Legislation putting panic alarms in schools ready for Governor’s signature

Shooting At High School In Parkland, Florida Injures Multiple People
The legislation would enhance crisis response in schools.

Legislation requiring a mobile panic alert system in all public and charter schools is now ready for the Governor’s signature after being formally presented to Gov. Ron DeSantis Tuesday.

The Legislature approved the measure in early March, just days before the 2020 Legislative Session ended.

Sen. Lauren Book sponsored the bill (SB 70), which was passed more than two years after the 2018 attack at Broward County’s Marjory Stoneman Douglas High School.

The panic alert system would be called “Alyssa’s Alert.” It’s named after Alyssa Alhadeff, one of 17 people murdered during the Stoneman Douglas shooting.

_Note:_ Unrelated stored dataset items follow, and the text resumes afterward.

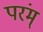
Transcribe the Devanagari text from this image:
परंम्
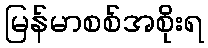
မြန်မာစစ်အစိုးရ
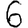
Digit: 6
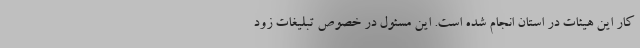
کار این هیئات در استان انجام شده است. این مسئول در خصوص تبلیغات زود
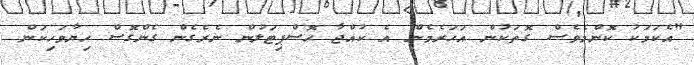
"އެކަމަކު ކޮންމެވެސް ގޮތަކުން އަހަރެމެން އެ ކުއްޖާ ހޮސްޕިޓަލުން ނެރެގެން ގެންގޮސް ހިޔާވަހިކަން
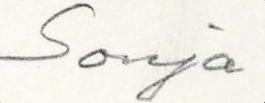
Sonja
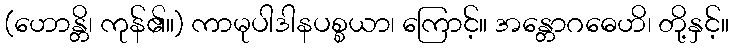
(ဟောန္တိ၊ ကုန်၏။) ကာမုပါဒါနပစ္စယာ၊ ကြောင့်။ အန္တောဂဓေဟိ၊ တို့နှင့်။
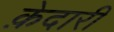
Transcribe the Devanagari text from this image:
क़ेदारी
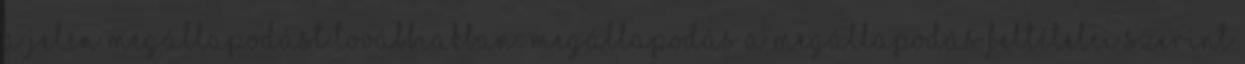
a jelen megállapodást továbbiakban: Megállapodás a Megállapodás feltételei szerint
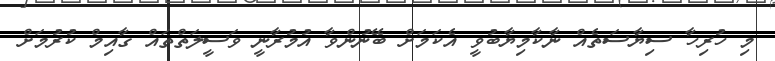
މި ހުރިހާ ސިޔާސަތެއް ނާކާމިޔާބުވީ އެކަމަށް ބޭނުންވާ އުމުރާނީ ވަސީލަތްތައް ގާއިމް ކުރުމަށް
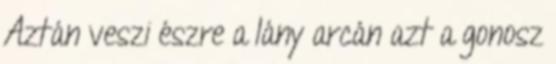
Aztán veszi észre a lány arcán azt a gonosz
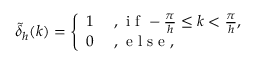
\tilde { \delta } _ { h } ( k ) = \left\{ \begin{array} { l l } { 1 } & { \mathrm { ~ , ~ i ~ f ~ } - \frac { \pi } { h } \le k < \frac { \pi } { h } , } \\ { 0 } & { \mathrm { ~ , ~ e ~ l ~ s ~ e ~ , ~ } } \end{array} \right.
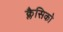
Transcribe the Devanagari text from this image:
क्लैसिको
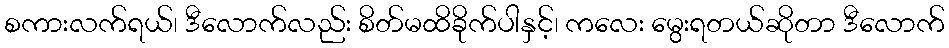
စကားလက်ရယ်၊ ဒီလောက်လည်း စိတ်မထိခိုက်ပါနှင့်၊ ကလေး မွေးရတယ်ဆိုတာ ဒီလောက်
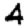
Digit: 4
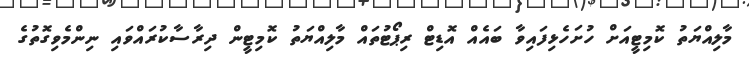
މާލިއްޔަތު ކޮމިޓީއަށް ހުށަހެޅިފައިވާ ބައެއް އޮޑިޓް ރިޕޯޓުތައް މާލިއްޔަތު ކޮމިޓީން ދިރާސާކުރައްވައި ނިންމެވިގޮތުގެ
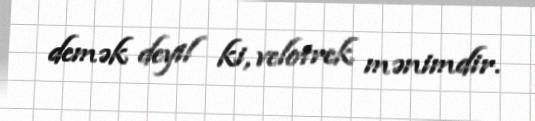
demək deyil ki, velotrek mənimdir.
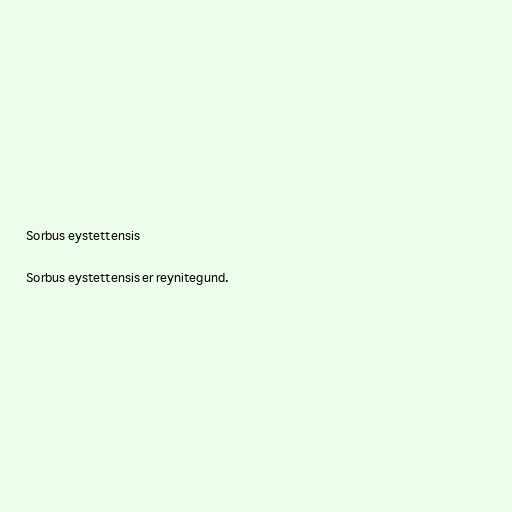
Sorbus eystettensis

Sorbus eystettensis er reynitegund.
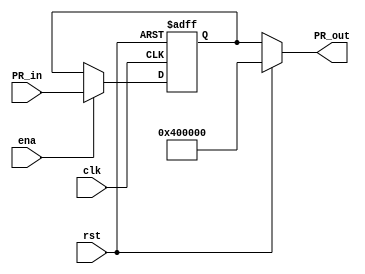
`timescale 1ns / 1ps
//////////////////////////////////////////////////////////////////////////////////
// Company: 
// Engineer: 
// 
// Design Name: 
// Module Name: PCreg
// Project Name: 
// Target Devices: 
// Tool Versions: 
// Description: 
// 
// Dependencies: 
// 
// Revision:
// Revision 0.01 - File Created
// Additional Comments:
// 
//////////////////////////////////////////////////////////////////////////////////


module PcReg(
    input clk,
    input rst,
    input ena,
    input [31:0] PR_in,
    output [31:0] PR_out
    );
    reg [31:0] PcRegister;
    always @(negedge clk or posedge rst) begin
            if (rst) begin
                PcRegister <= 32'h00400000;
//                  PcRegister<=32'h004002e4;
            end
            else begin
                if(ena)
                begin
                    PcRegister <= PR_in;
                end
            end
        
    end

      assign PR_out = rst?32'h00400000:PcRegister;
      //assign PR_out =rst?32'h004002e4:PcRegister;
endmodule
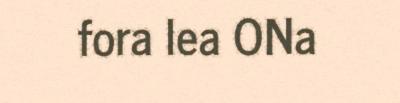
fora lea ONa
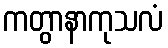
ကတွာနာကုသလံ
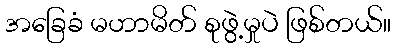
အခြေခံ မဟာမိတ် စုဖွဲ့မှုပဲ ဖြစ်တယ်။
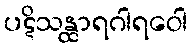
ပဋိသန္ထာရဂါရဝေါ
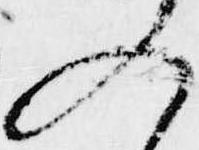
入
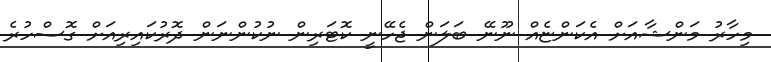
މިހާރު މަންޝާއަށް އެކަންޏެއް ނޫނޭ ބަލަން ޖެހޭނީ ކޮޓަރިން ނުކުންނަން ދޮރުކައިރިއަށް ގޮސްހުރެ
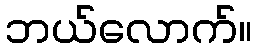
ဘယ်လောက်။
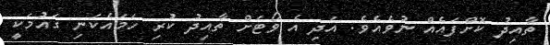
ތާއިދު ކޮށްފައެއް ނުވެއެވެ. އަދި އެ ވޯޓަށް ތާއިދު ކުރި ހަމައެކަނި ގައުމަކީ
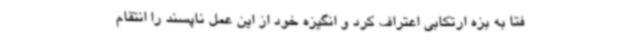
فتا به بزه ارتکابی اعتراف کرد و انگیزه خود از این عمل ناپسند را انتقام
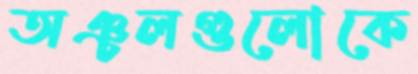
অঞ্চলগুলোকে
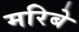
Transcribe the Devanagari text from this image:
मरिबे
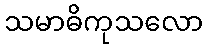
သမာဓိကုသလော
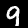
Label: 9
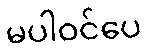
မပါဝင်ပေ
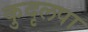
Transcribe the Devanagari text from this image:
कुदृलपा
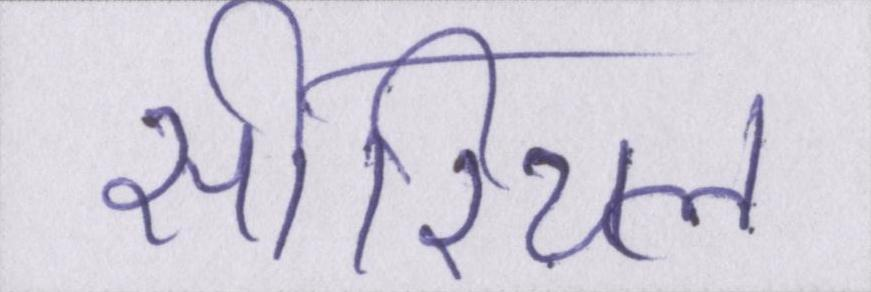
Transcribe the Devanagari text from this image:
सीरियल
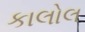
કાલોલ
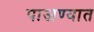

The House and Senate struggled on conflicting language between their respective bills during the closing process. Reps. Dan Daley and Michael Gottlieb were behind the House bill (HB 23).

The Senate version had pushed for a uniform mobile panic alert system that would be established via negotiations by the state.

But that mandate drew skepticism as the bill moved through the committee process. Several lawmakers raised questions as to whether that one-size-fits-all system was the best model going forward.

Ultimately, the House version prevailed. That language — which was pinned onto the Senate bill — does allow the state to negotiate a baseline system. However, schools were not required to adopt that system.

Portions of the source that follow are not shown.